Dataset excerpts:
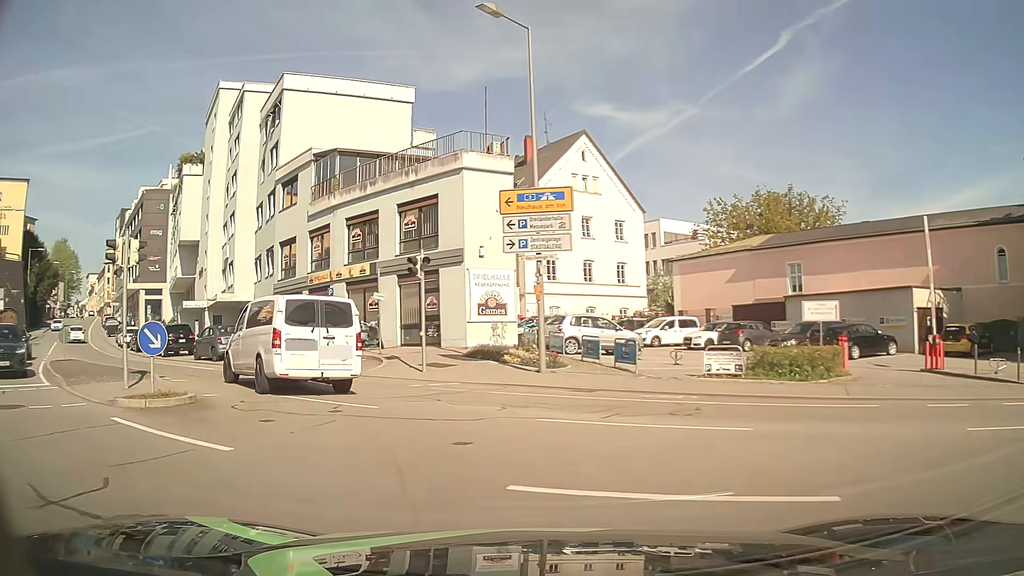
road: tertiary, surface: asphalt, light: Day
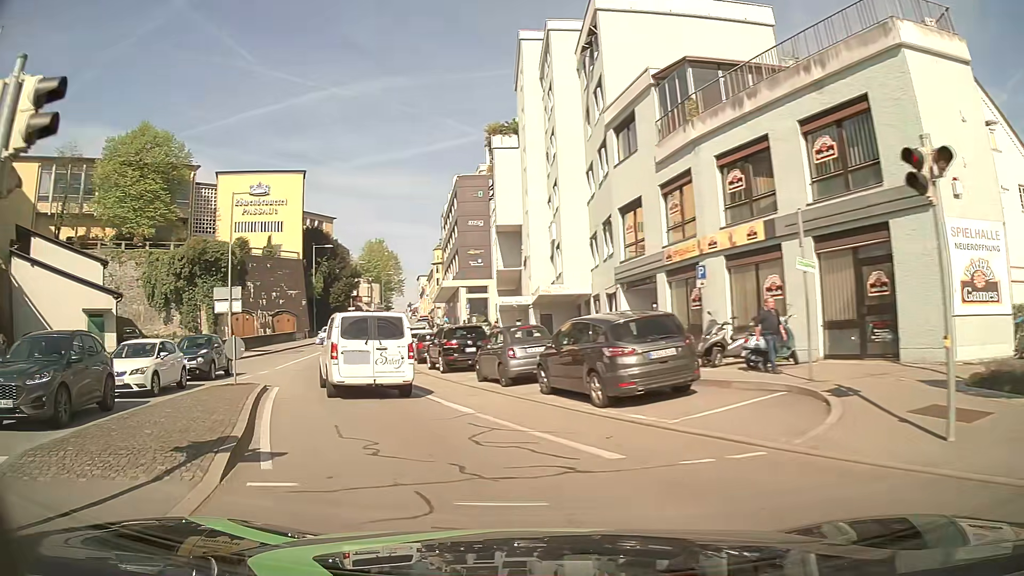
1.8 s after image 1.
(-2.9, +11.7) m; -30°
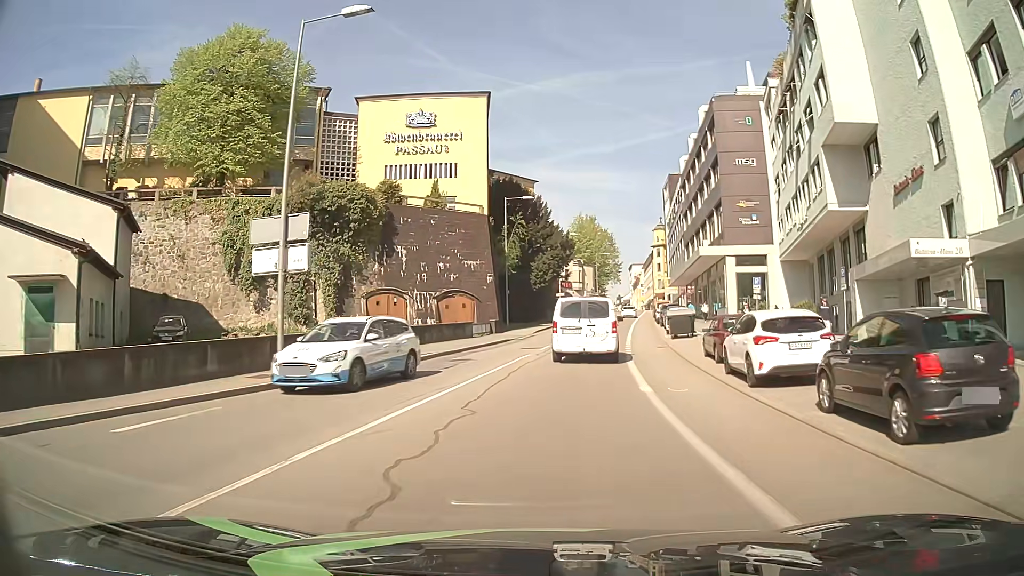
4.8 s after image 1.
(-6.8, +24.5) m; -17°
(0, +10) (+1, +20) (+2, +30) (+4, +40) (+5, +50) (+7, +60) (+8, +69) (+10, +79) (+12, +89) (+14, +99) m

#### Task brief
Omitting all pictures, copy the preceding entries without any alteration.

#### Response
road: tertiary, surface: asphalt, light: Day
1.8 s after image 1.
(-2.9, +11.7) m; -30°
4.8 s after image 1.
(-6.8, +24.5) m; -17°
(0, +10) (+1, +20) (+2, +30) (+4, +40) (+5, +50) (+7, +60) (+8, +69) (+10, +79) (+12, +89) (+14, +99) m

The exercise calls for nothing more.